Après 35 ans de règne de communication unidirectionnelle et le premier spot publicitaire à la télévision française, les premiers changements apparurent. En 1995, les consommateurs s'approprièrent un nouvel espace d'expression et d'échange avec les marques. Le mouvement démarra avec le mail, les sites web, les messageries instantanées, les forums, les tchats, puis s'amplifia avec le Web 2.0, le mobile, les réseaux sociaux, et aujourd'hui, la télévision connectée.
Les consommateurs purent enfin parler entre eux, mais aussi converser avec les marques.
En quelque sorte, la communication démocratique était née. Le marketing participatif en était l'une de ses illustrations concrètes. Sans armes, des hommes et des femmes matures, mobilisés par l'envie de consommer et d'échanger, avaient créé un contre-pouvoir. The end?
A travers cette illustration un peu décalée, osons dresser un parallèle avec une actualité plus douloureuse, celle qui s'est récemment déroulée en Tunisie et en Egypte.
Tout comme des peuples accèdent à la liberté démocratique, le marketing est, lui aussi, mais d'une façon certes beaucoup plus légère, entré dans cette ère nouvelle où il n'est pas possible de revenir en arrière. Il n'est pas concevable d'expliquer à une nouvelle génération, consumériste, digitale native, qu'il n'y a plus de comparaison produits possible, que l'on ne peut plus donner son avis sur un service ni faire partager les bons plans à son réseau. Il est tout à fait impensable de dire aux consommateurs qu'il leur faut payer pour des services gratuits ou, pire, que la marque qu'ils aiment ne prend pas en compte leurs avis et leurs envies.

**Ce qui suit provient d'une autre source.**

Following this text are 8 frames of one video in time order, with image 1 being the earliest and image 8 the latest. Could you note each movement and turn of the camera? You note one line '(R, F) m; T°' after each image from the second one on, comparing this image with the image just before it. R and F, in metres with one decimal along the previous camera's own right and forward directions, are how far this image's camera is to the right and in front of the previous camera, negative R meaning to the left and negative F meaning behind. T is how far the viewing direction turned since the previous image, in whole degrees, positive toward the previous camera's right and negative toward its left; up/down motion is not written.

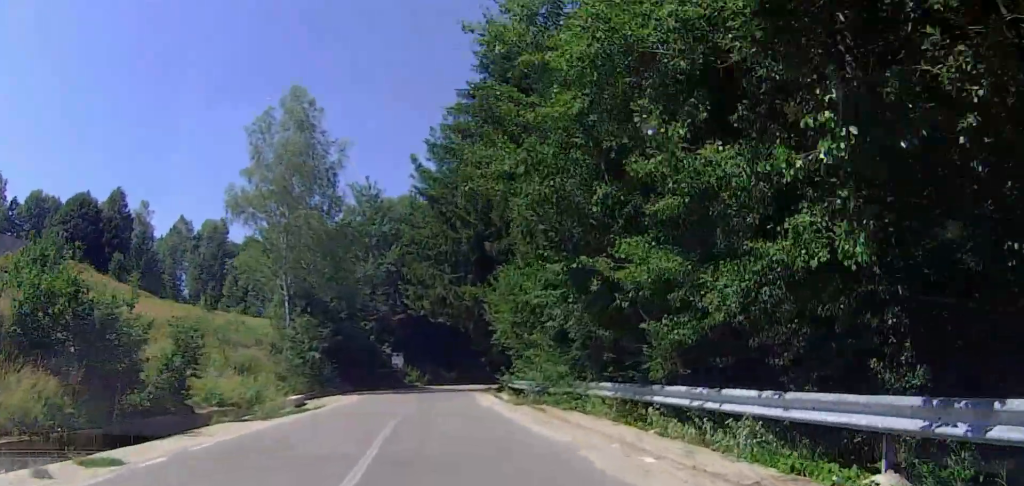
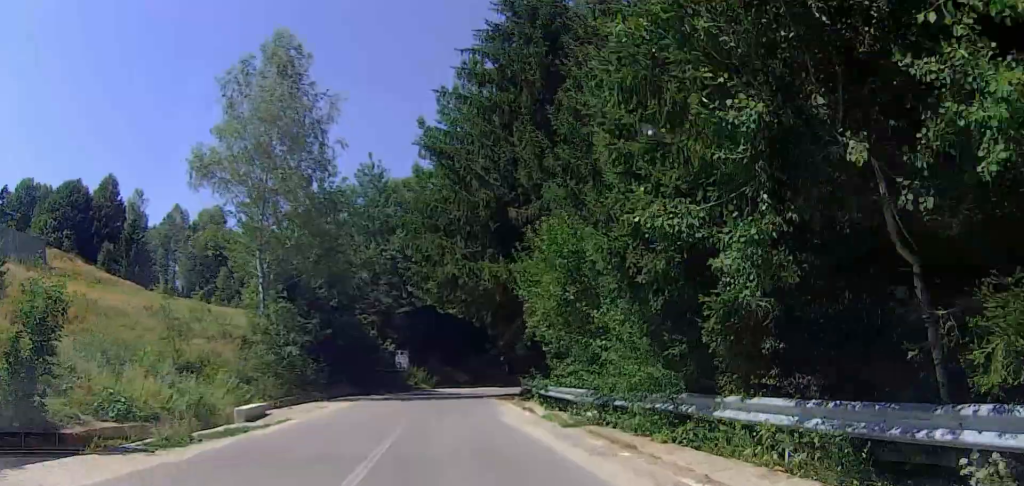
(-0.1, +7.4) m; -1°
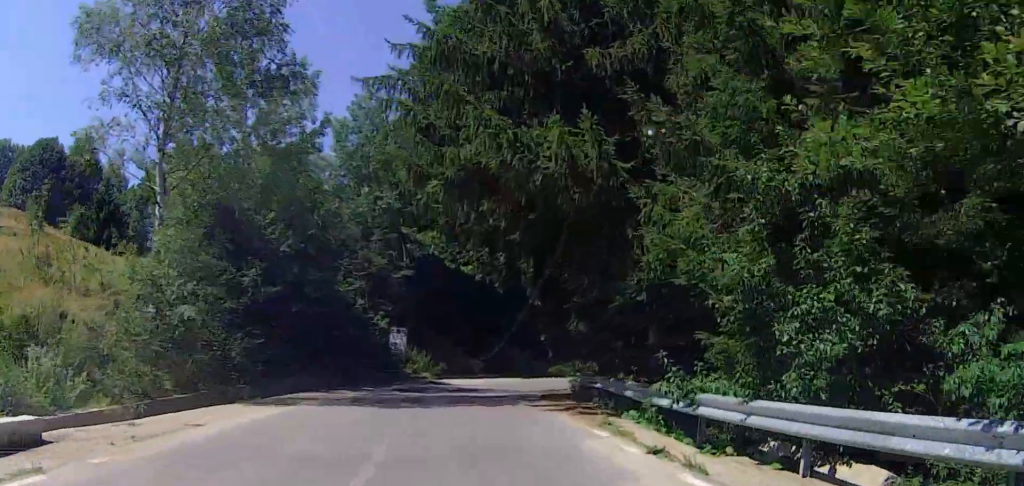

Un tel retour en arrière reviendrait à supprimer ce que cette génération-là considère comme un acquis, à annihiler une liberté d'accès, d'expression et de participation, une reconnaissance de leur statut de consommateur, à supprimer un droit fondamental. Basée sur la participation, cette nouvelle ère du marketing offre la garantie d'un équilibre nouveau entre l'individu et les marques, où l'envie de consommer des uns perdure, mais où, dans le même temps, les excès et le manque de pertinence des autres sont sanctionnés. L'utopie des universitaires, créateurs d'Internet, est devenue réalité. Ils ont offert un réseau indestructible pour lutter contre les régimes antidémocratiques. Mais aussi, et ce qu'ils avaient moins prévu, ils ont donné aux consommateurs l'accès à la liberté de communication et de participation avec les marques. Nous pouvons les en remercier.